**Task item**
Would you extract the whole listing below and retype it exactly?

(Material to process)

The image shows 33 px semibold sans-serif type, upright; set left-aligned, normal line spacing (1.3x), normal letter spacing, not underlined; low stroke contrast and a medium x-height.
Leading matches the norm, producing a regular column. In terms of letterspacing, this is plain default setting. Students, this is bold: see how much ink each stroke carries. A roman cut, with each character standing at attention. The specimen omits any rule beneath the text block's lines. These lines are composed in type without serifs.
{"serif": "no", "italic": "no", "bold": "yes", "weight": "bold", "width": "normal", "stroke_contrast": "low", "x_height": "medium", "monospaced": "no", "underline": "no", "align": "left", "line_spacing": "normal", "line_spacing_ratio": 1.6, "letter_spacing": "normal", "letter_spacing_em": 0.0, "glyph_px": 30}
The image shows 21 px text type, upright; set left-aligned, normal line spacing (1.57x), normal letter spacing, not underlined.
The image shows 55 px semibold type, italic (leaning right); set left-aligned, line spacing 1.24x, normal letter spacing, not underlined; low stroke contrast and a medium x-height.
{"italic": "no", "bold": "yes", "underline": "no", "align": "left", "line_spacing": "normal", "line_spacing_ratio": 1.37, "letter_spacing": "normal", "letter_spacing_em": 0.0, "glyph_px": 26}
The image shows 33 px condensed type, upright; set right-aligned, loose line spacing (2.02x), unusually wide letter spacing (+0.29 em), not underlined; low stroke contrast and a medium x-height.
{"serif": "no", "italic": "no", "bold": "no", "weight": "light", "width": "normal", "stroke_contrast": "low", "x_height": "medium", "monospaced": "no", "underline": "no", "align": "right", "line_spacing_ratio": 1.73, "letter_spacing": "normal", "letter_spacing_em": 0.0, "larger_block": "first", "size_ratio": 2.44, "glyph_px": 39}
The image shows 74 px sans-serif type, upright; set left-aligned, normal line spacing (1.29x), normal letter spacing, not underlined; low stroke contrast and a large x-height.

(End Material to process)

**Answer section**
The image shows 33 px semibold sans-serif type, upright; set left-aligned, normal line spacing (1.3x), normal letter spacing, not underlined; low stroke contrast and a medium x-height.
Leading matches the norm, producing a regular column. In terms of letterspacing, this is plain default setting. Students, this is bold: see how much ink each stroke carries. A roman cut, with each character standing at attention. The specimen omits any rule beneath the text block's lines. These lines are composed in type without serifs.
{"serif": "no", "italic": "no", "bold": "yes", "weight": "bold", "width": "normal", "stroke_contrast": "low", "x_height": "medium", "monospaced": "no", "underline": "no", "align": "left", "line_spacing": "normal", "line_spacing_ratio": 1.6, "letter_spacing": "normal", "letter_spacing_em": 0.0, "glyph_px": 30}
The image shows 21 px text type, upright; set left-aligned, normal line spacing (1.57x), normal letter spacing, not underlined.
The image shows 55 px semibold type, italic (leaning right); set left-aligned, line spacing 1.24x, normal letter spacing, not underlined; low stroke contrast and a medium x-height.
{"italic": "no", "bold": "yes", "underline": "no", "align": "left", "line_spacing": "normal", "line_spacing_ratio": 1.37, "letter_spacing": "normal", "letter_spacing_em": 0.0, "glyph_px": 26}
The image shows 33 px condensed type, upright; set right-aligned, loose line spacing (2.02x), unusually wide letter spacing (+0.29 em), not underlined; low stroke contrast and a medium x-height.
{"serif": "no", "italic": "no", "bold": "no", "weight": "light", "width": "normal", "stroke_contrast": "low", "x_height": "medium", "monospaced": "no", "underline": "no", "align": "right", "line_spacing_ratio": 1.73, "letter_spacing": "normal", "letter_spacing_em": 0.0, "larger_block": "first", "size_ratio": 2.44, "glyph_px": 39}
The image shows 74 px sans-serif type, upright; set left-aligned, normal line spacing (1.29x), normal letter spacing, not underlined; low stroke contrast and a large x-height.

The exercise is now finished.